Question

If \[ \cos\theta \cosec\theta=-1 \] and \(\theta\) lies in the second quadrant, then \(\cos\theta=\)

• A. \(-\frac{\sqrt{3}}{2}\)
• B. \(\frac{\sqrt{2}}{2}\)
• C. \(-\frac{\sqrt{2}}{2}\)
• D. \(-\sqrt{2}\)

Hint:

In the second quadrant, \(\sin\theta\) is positive but \(\cos\theta\) and \(\tan\theta\) are negative.

Answer 1

The Correct Option is C

Concept:
We know: \[ \cosec\theta=\frac{1}{\sin\theta} \] Therefore: \[ \cos\theta\cosec\theta=\frac{\cos\theta}{\sin\theta}=\cot\theta \]
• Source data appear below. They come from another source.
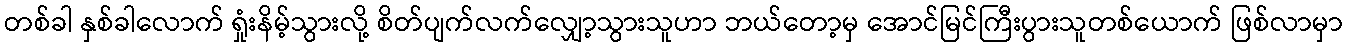
တစ်ခါ နှစ်ခါလောက် ရှုံးနိမ့်သွားလို့ စိတ်ပျက်လက်လျှော့သွားသူဟာ ဘယ်တော့မှ အောင်မြင်ကြီးပွားသူတစ်ယောက် ဖြစ်လာမှာ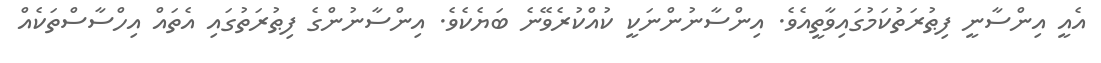
އެއީ އިންސާނީ ފިޠުރަތުކަމުގައިވާތީއެވެ. އިންސާނުންނަކީ ކުއްކުރެވޭނެ ބަޔެކެވެ. އިންސާނުންގެ ފިޠުރަތުގައި އެތައް އިހްސާސްތަކެއް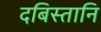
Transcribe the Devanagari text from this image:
दबिस्तानि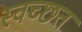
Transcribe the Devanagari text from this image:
स्वच्छत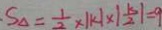
S _ { \Delta } = \frac { 1 } { 2 } \times \vert k \vert \times \vert \frac { k } { 2 } \vert = 9
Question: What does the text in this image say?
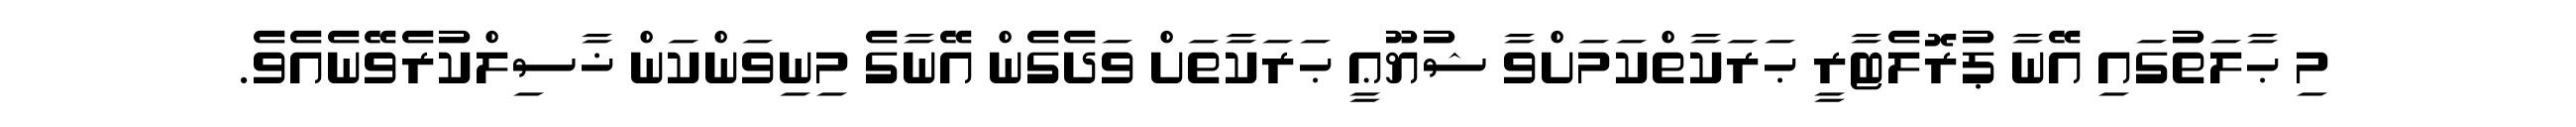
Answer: މި ޙާލަތުގައި އޭނާ ޕުރޮލެޓާރީ ޙަރަކާތްކަމަށްވާ ޝުޔޫޢީ ޙަރަކާތަށް ވަދެގެން އޭނާގެ މިނިވަންކަން ޚާސިލްކުރެވޭނެއެވެ.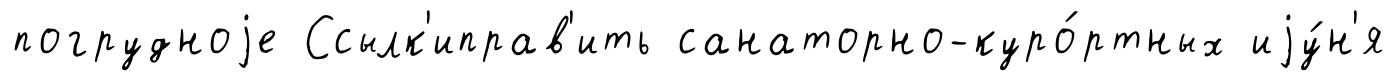
погрудноjе Ссылк'иправ'ить санаторно-куро́ртных иjу́н'я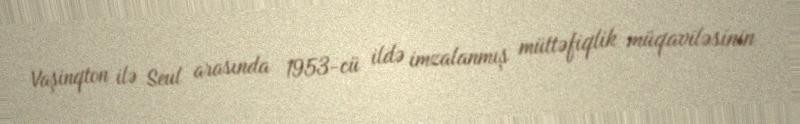
Vaşinqton ilə Seul arasında 1953-cü ildə imzalanmış müttəfiqlik müqaviləsinin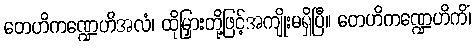
တေဟိကဏ္ဍေဟိအလံ၊ ထိုမြှားတို့ဖြင့်အကျိုးမရှိပြီ။ တေဟိကဏ္ဍေဟိကိံ၊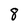
Character: 8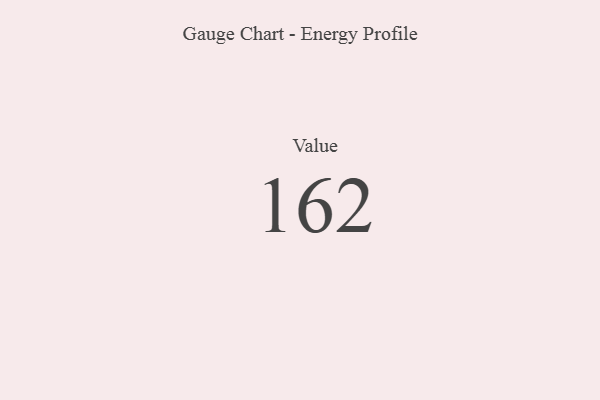
{"axis": {"x": "Metric", "y": "Value"}, "legend": [""], "data": [{"x": "Value", "y": 162, "type": ""}]}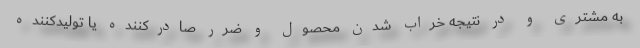
به مشتری و در نتیجه خراب شدن محصول و ضرر صادرکننده یا تولیدکننده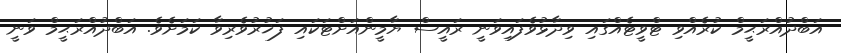
އަބްދުއްރަޙީމް ކުރެއްވި ޓްވީޓެއްގައި ވިދާޅުވެފައިވަނީ ރައީސް ޔާމީންއަށްޓަކައި ފަޚުރުވެރިވާ ކަމަށެވެ. އަބްދުއްރަޙީމް ވަނީ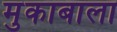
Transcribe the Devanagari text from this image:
मुकाबाला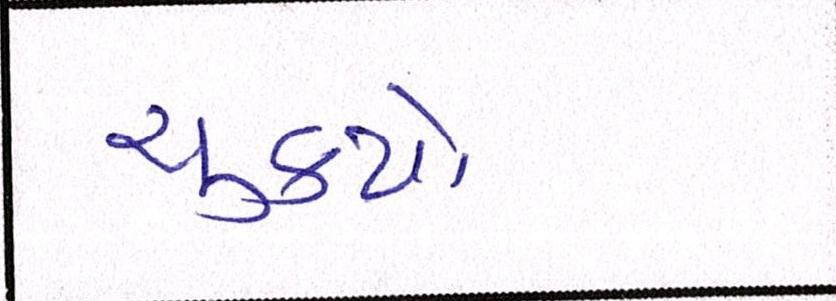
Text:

Step 1: Given: \[ \cos\theta\cosec\theta=-1 \]

Step 2: Convert into cotangent: \[ \cot\theta=-1 \]

Step 3: Therefore: \[ \tan\theta=-1 \]

Step 4: Since \(\theta\) lies in the second quadrant, sine is positive and cosine is negative.

Step 5: The reference angle for \(|\tan\theta|=1\) is: \[ 45^\circ \]

Step 6: In the second quadrant: \[ \cos\theta=-\frac{1}{\sqrt{2}} \] \[ \cos\theta=-\frac{\sqrt{2}}{2} \] \[ \boxed{-\frac{\sqrt{2}}{2}} \]